The results shows that both models interpret approximately half of all rhythms in 2/4. The rightmost column shows that the 6/8 biased model interprets more rhythms in 6/8 than in 3/4, while the bottom row shows that the 3/4 biased model interprets more rhythms in 3/4 than in 6/8.

The numbers on the diagonal show that both models agree on the vast majority of interpretations. Both models agree on the interpretation of rhythms that are classified as 3/4 or 6/8

The numbers off the diagonal show that the greatest degree of disagreement occurs between the 6/8 and 3/4 categories, but there is also substantial disagreement between 2/4 and 3/4 and 2/4 and 6/8.

There are two categories of rhythms sensitive to inferential biases: The first category consists of 83 rhythms that the 6/8 biased model interprets in 6/8 while the 3/4 biased model interprets them in 3/4. The second category consists of rhythms that one model interprets in 2/4 while the other model interprets them in the category its biased toward. The 6/8 biased model interprets 40 rhythms in 6/8 that the 3/4 biased model interprets in 2/4. Out of the rhythms classified by the 6/8 biased model as 2/4, the 3/4 biased model interprets slightly more rhythms in agreement with its bias (namely 54), than the 6/8 biased model does out of the rhythms classified by the 3/4 biased model as 2/4 (namely 40).

Table

Information content | German | 1.21 | 1.63 | 1.34 | 1.72 |

Chinese | 1.32 | 1.49 | 1.70 | 1.49 | |

Classification | German | 0.84 | 0.80 | 0.73 | 0.72 |

Chinese | 0.59 | 0.77 | 0.47 | 0.75 |

In both conditions the results can be said to show effects of enculturation: The average information content for models evaluated on rhythms from the same country as the rhythms in their training data (culturally familiar) is lower than for models trained on rhythms from the other country (culturally unfamiliar). Classification performance shows a similar pattern: in most cases, classification performance is better for models evaluated on culturally familiar rhythms. However, in the identical prior condition, classification performance of the German model on the Chinese test set was slightly higher than of the Chinese model. Furthermore, in the identical prior condition, the average information content of the Chinese model is lower when evaluated on the German test set compared to the Chinese test set.

For both models and in both conditions, but most notably in the identical priors condition, information content of rhythms in the Chinese test set was slightly higher than that of rhythms in the German test set.

Figures

Fixed prior | 0.74 | 0.94 |

Empirical prior | 0.86 | 0.89 |

A predictive coding view of perception entails that perception depends on generative models in the mind of the perceiver that are tuned by statistical properties of the environment, through evolutionary adaptation and sensory experience, to predict sensations. We hypothesized that effects of enculturation on the perception of meter can be understood in terms of predictive coding. To explore the consequences of this idea, we presented a probabilistic model of meter perception for which predictive coding served as the conceptual basis.

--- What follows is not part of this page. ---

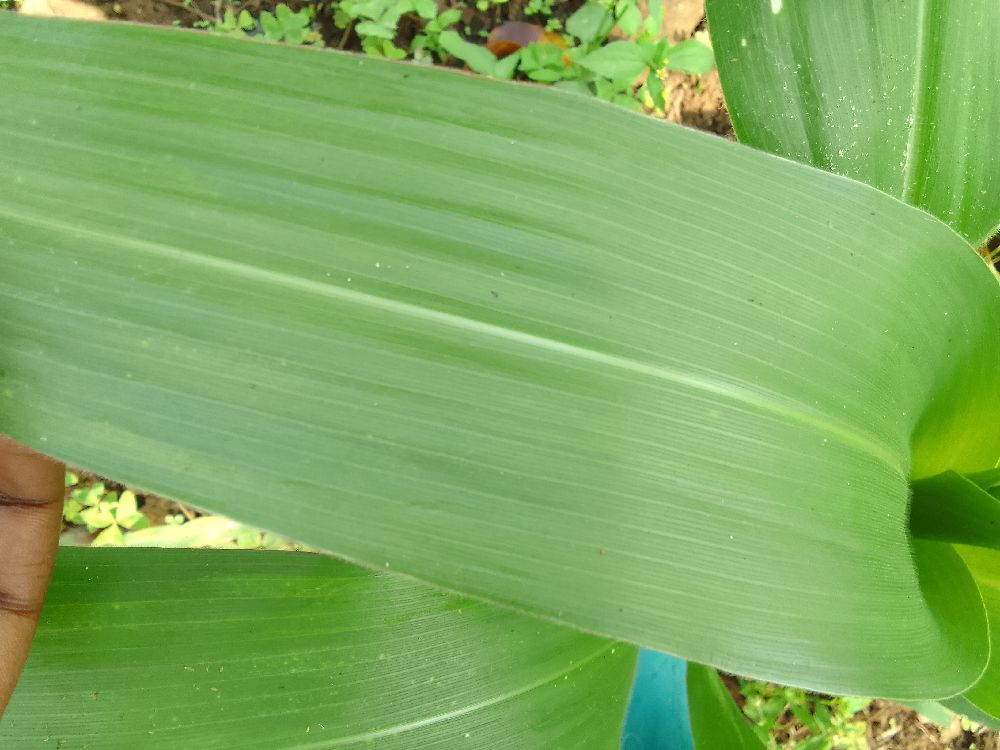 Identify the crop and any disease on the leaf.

maize, healthy
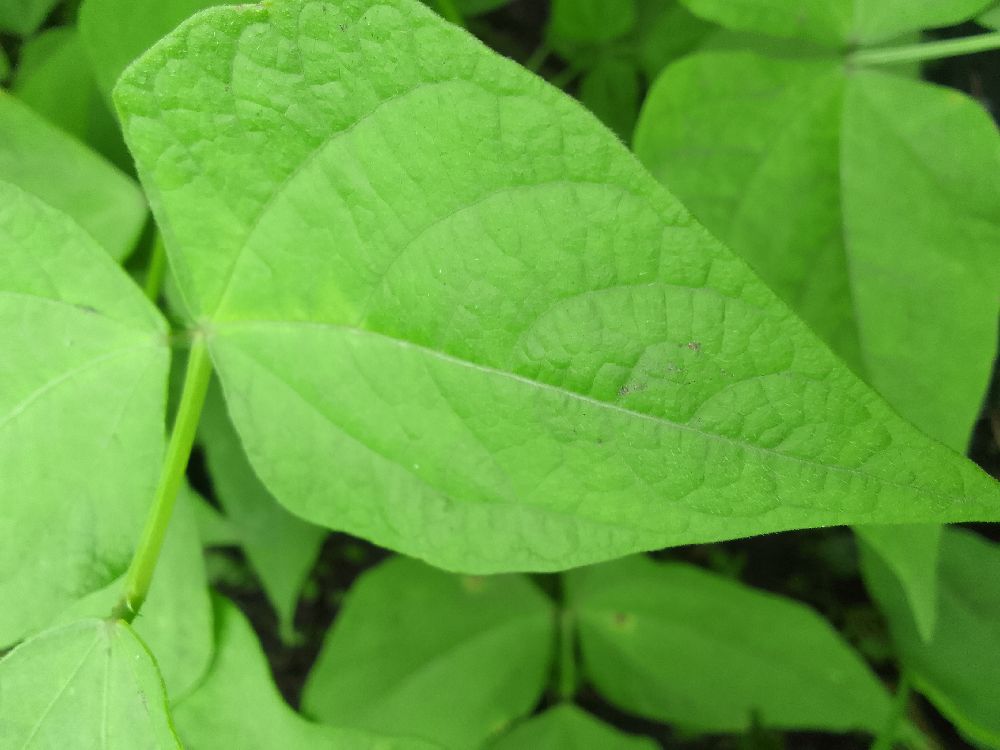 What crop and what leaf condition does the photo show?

common bean, healthy
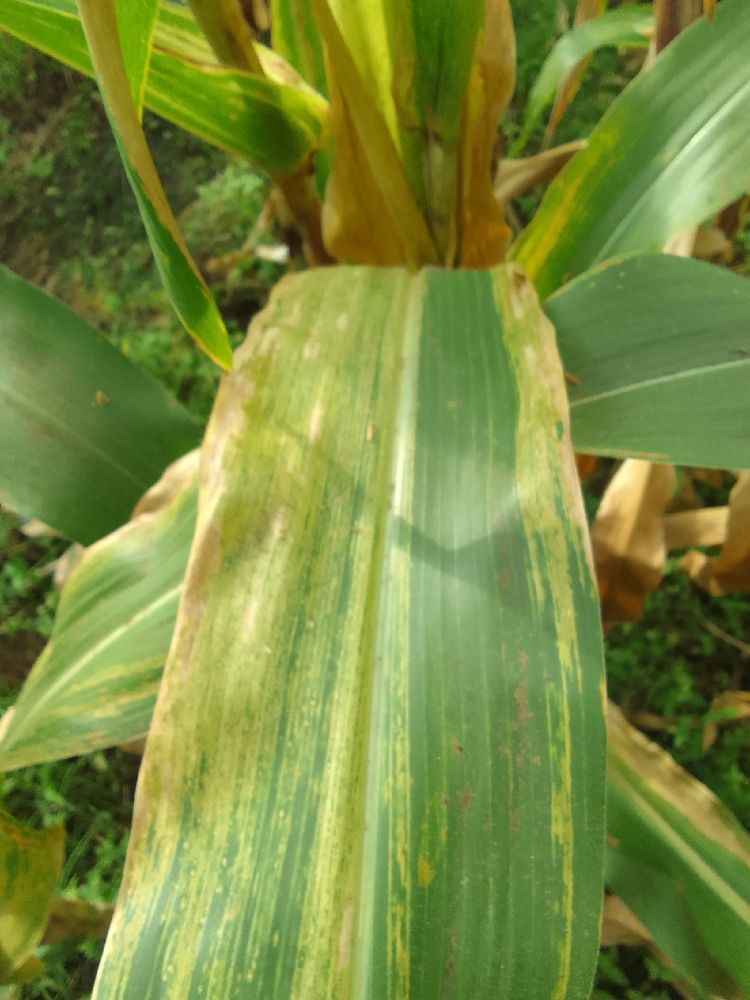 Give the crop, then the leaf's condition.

The underlying hypothesis is that meter perception is the result of a strategy, based on statistical learning, probabilistic prediction and inference, for increasing predictive accuracy in processing of temporal events in music.

A set of expectations concerning the model's behavior was derived based on: the relevance of the model as a cognitive model of meter perception, theoretical proposals about the relation between rhythm and meter, the model's ability to reduce prediction error, and finally the model's potential to simulate enculturation. To investigate the degree to which the model meets these expectations, we ran a series of simulations. The results show that the model can infer metrical structure from rhythms, and that this ability improves when statistical properties of the succession of onsets in the metrical context are taken into account. A comparison with a similar model that does not use metrical inference demonstrates that metrical inference reduces prediction error in predicting the timing of musical events. Finally the results show hypothesized patterns of enculturation when models are trained on corpora varying, both naturally and artificially, in terms of distribution of meters and rhythmic properties.

The following sections discuss the simulation results in detail.

A model of meter perception can reasonably be expected to interpret a simple rhythm in a meter that agrees with the time signature that an educated listener would use when transcribing that rhythm. The used rhythms were taken from folksongs in the Essen folksong collection (Schaffrath and Huron,

By varying the model's order-bound (the amount of preceding events that inform the prediction of the next event, see Section 2.2), we investigated to what degree learning statistical properties of the succession of metrical positions in rhythms improved the model's performance.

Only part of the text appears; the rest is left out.